Cylindrical wave

Question

I know that a wave dependent of the radius (cylindrical symmetry), has a good a approximations as $$u(r,t)=\frac{a}{\sqrt{r}}[f(x-vt)+f(x+vt)]$$ when $r$ is big. I would like to know how to deduce that approximation from the wave equation, which is this (after making symmetry simplifications): $$u_{tt}-v^2\left(u_{rr}+\frac{1}{r}u_r\right)=0$$

Proving that's a good approximation is easy (just plug it in the the equation), I want to know how to deduce that from the above equation.

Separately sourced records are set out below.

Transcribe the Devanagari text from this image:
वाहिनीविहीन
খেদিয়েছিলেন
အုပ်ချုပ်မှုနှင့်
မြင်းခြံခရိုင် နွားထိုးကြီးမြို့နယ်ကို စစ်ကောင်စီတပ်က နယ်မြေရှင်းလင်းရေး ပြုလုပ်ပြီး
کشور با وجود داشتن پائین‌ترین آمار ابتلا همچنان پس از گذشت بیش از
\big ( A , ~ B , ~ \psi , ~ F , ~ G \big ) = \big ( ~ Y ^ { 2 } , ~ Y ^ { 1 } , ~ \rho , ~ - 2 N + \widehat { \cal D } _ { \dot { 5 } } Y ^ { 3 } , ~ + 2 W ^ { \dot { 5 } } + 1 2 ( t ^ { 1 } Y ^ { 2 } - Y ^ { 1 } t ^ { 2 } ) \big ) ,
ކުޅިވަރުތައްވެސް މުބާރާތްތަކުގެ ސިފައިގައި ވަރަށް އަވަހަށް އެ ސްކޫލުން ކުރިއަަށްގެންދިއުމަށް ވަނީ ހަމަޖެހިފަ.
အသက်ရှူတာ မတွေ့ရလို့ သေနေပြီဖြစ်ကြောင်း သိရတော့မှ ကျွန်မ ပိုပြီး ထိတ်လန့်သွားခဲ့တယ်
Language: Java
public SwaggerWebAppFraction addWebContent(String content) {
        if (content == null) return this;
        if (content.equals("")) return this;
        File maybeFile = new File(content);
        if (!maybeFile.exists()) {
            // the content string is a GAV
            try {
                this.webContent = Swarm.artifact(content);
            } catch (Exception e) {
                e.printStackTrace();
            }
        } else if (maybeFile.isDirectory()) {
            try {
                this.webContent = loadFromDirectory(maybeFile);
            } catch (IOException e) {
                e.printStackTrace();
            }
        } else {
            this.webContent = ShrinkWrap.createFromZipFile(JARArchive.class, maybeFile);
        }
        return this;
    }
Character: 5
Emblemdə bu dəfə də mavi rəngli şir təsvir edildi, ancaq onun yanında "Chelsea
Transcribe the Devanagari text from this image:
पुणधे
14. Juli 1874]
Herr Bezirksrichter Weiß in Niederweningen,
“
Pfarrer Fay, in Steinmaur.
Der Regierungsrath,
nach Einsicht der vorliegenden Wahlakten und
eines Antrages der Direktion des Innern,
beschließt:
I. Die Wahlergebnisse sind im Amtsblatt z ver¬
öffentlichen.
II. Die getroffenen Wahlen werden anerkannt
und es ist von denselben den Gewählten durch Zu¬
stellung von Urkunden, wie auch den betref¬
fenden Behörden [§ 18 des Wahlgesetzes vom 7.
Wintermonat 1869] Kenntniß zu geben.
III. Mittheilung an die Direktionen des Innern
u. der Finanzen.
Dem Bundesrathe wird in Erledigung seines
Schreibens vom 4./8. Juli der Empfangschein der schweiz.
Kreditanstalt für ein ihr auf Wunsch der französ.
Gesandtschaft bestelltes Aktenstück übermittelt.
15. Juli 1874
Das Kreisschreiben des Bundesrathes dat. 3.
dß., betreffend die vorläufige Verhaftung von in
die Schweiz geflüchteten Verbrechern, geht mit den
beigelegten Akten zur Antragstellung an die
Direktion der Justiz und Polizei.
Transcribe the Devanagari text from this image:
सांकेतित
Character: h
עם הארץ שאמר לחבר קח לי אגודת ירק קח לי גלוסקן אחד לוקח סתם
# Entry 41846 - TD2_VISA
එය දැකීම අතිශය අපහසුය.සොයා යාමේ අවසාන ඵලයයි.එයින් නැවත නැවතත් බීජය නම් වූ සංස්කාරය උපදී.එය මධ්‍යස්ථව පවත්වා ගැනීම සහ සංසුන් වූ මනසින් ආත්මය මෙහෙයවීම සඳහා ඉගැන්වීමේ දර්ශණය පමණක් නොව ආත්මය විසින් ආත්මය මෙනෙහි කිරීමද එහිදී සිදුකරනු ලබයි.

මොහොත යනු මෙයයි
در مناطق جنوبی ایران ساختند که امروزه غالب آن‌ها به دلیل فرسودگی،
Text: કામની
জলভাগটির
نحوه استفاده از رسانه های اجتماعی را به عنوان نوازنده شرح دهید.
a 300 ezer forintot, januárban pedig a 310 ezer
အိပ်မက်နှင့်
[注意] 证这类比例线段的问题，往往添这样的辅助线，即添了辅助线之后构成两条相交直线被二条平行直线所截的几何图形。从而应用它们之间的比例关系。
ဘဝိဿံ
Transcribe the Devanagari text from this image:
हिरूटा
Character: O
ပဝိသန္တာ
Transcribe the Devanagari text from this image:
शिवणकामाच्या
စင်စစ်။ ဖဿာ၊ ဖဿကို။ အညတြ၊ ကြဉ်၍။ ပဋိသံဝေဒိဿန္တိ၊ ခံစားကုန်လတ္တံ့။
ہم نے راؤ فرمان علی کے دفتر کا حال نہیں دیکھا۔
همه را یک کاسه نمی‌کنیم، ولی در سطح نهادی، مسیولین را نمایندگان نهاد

I've been searching and I found this: http://vixra.org/abs/0908.0045, which actually solved me a couple of problems, but the way they do it looks a bit clumsy to me, saying for example that "assuming the function $g$ depends on $r$ so some terms just go away..."

Thanks in advance.

Answer 1

Use the following identity:

$$ r^{-\alpha} \partial^2_{rr} \left( r^\alpha f(r) \right) = f_{rr} + \frac{2\alpha}{r} f_r + \frac{\alpha(\alpha - 1)}{r^2} f $$

Now, by inspection and comparing the above equation to the cylindrical wave equation you have that

$$ u_{tt} - \nu^2(u_{rr} + \frac1r u_r) = u_{tt} - \nu^2 \left( \frac{1}{\sqrt{r}}\partial^2_{rr} \left[ \sqrt{r} u\right] + \frac{1}{4r^{5/2}} \sqrt{r} u\right) $$

So writing $U = \sqrt{r} u$ we have that

$$ U_{tt} - \nu^2 U_{rr}+ \frac{\nu^2}{4r^2} U = 0 $$

So that $U = \sqrt{r} u$ solves the 1 dimensional wave equation up to a term that decays quickly (as inverse square). Hence $u$ is approximated by $1/\sqrt{r}$ times a solution of the 1 dimensional wave equation when $r$ is large.